Newspaper records from the time note that the Mirador de Haría first came about in 1964 during one of the official visits of the then Minister of Information and Tourism, Manuel Fraga. Initially inspired by the opening of the Green Cave, the savvy mayor of Haría, Juan Pablo de León, took advantage of the Minister’s visit to propose financing for a lookout point with views of the Haría valley.
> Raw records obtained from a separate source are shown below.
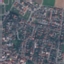
Land use / land cover: Residential
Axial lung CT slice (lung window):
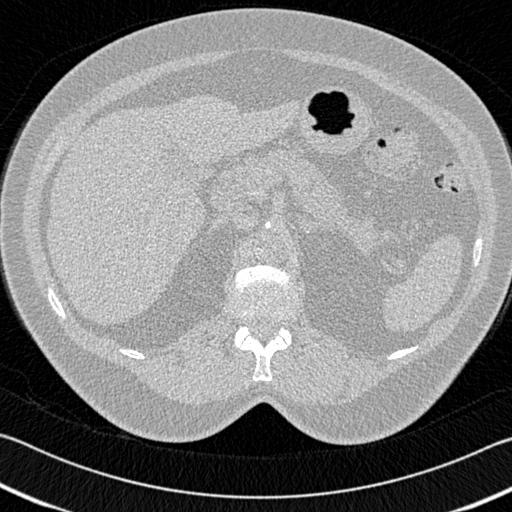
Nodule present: no
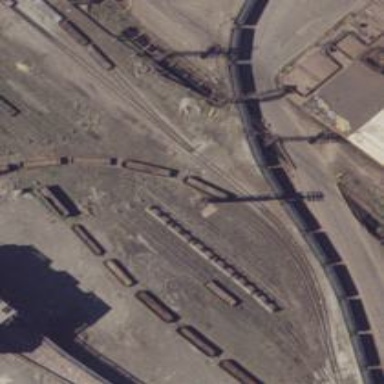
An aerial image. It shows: Railway spur service.
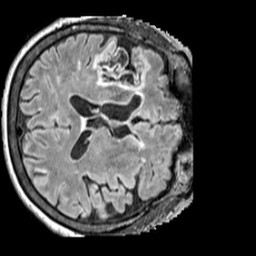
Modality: FLAIR
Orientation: axial
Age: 64
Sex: female
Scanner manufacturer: siemens
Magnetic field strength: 3 T
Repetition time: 5 s
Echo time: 0.387 s
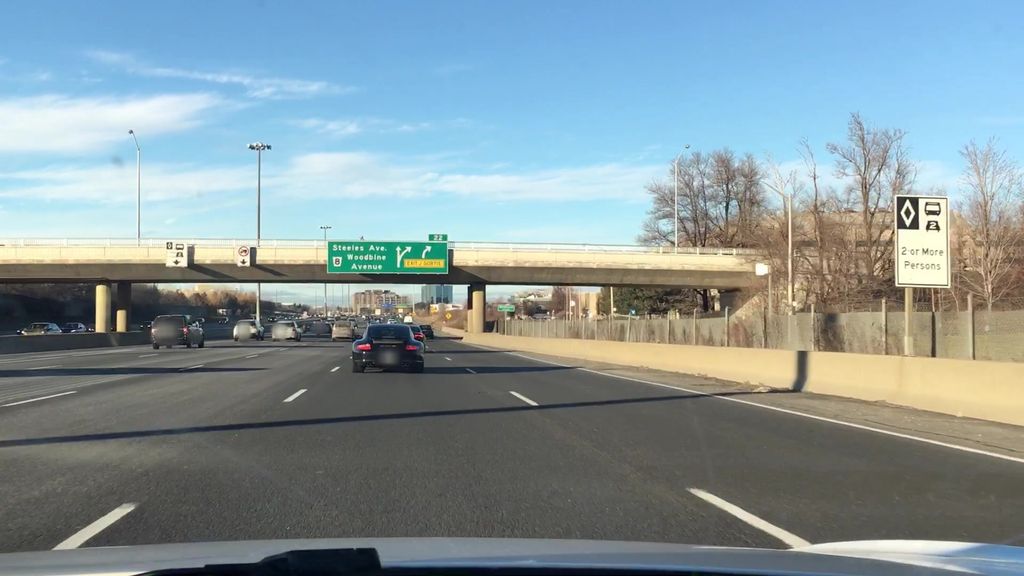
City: toronto
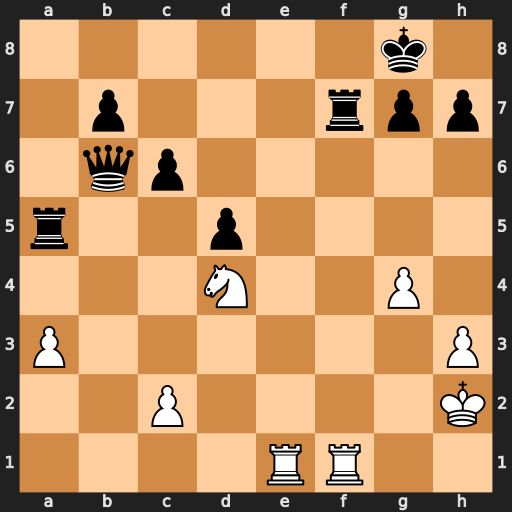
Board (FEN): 6k1/1p3rpp/1qp5/r2p4/3N2P1/P6P/2P4K/4RR2
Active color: w
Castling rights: -
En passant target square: -
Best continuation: Re8+ Rf8 Rexf8#
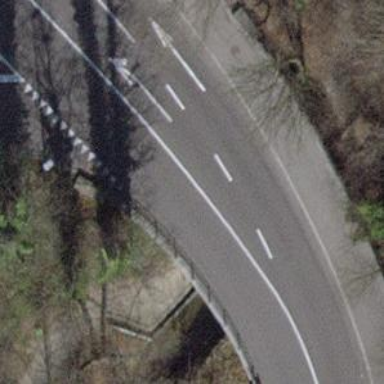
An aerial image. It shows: Secondary road bridge with asphalt surface. It includes track for cycling on the right side.
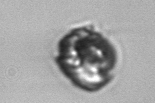
Label: Proterythropsis
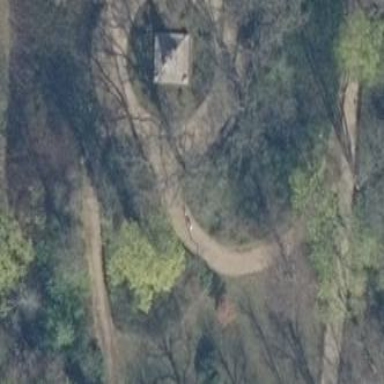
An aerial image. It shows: Path.
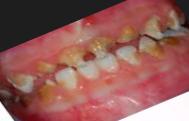
Condition: Caries
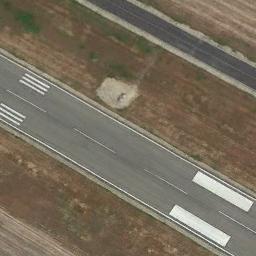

No more than a sad coincidence, the death of Cesar Manrique in 1992 coincided with the onset of the lookout point’s decline. Since it is located in a no-man’s land, no authoritative body took responsibility for the building’s maintenance for years. Theft and deterioration, as well as graffiti, gradually turned Manrique’s white building into a ghost, which had one day been a dream. Several promises to restore the building were made, but these never came to fruition. “Sorry for the inconvenience, the Island Council of Lanzarote is working for you”, said a poster that appeared on the door of the building in 2014, to which local people sarcastically responded by saying: “Sure, they actually went out for breakfast”.

The Mirador de Haría’s new start

Nevertheless, the poster was serious. It belonged to the Tourism Infrastructure Plan of the Government of the Canary Islands, whose scope the Mirador de Haría finally falls under. As set out many years before, restoration is now halfway through to convert the building into the region’s Haría Flora and Fauna Interpretation Centre, its opening coinciding with the forthcoming 100-year anniversary of César Manrique’s birth.

Part of the project’s contribution to the lookout point include two extensive viewing platforms, from which it will be possible to make out both the Haría and Temisa valleys. The building’s new look will also respect the original wishes of Manrique, and it will be endowed with great environmental importance by being energetically self-sufficient.

Recommendation: Just a few kilometres away from the lookout point is a craft market that is held in the village of Haría every Saturday from 9:00 AM to 2:00 PM where you can find fresh local produce, such as fruit and vegetables and cheese, as well as a whole host of crafts typical of the region, such as baskets made from palm leaves or reed.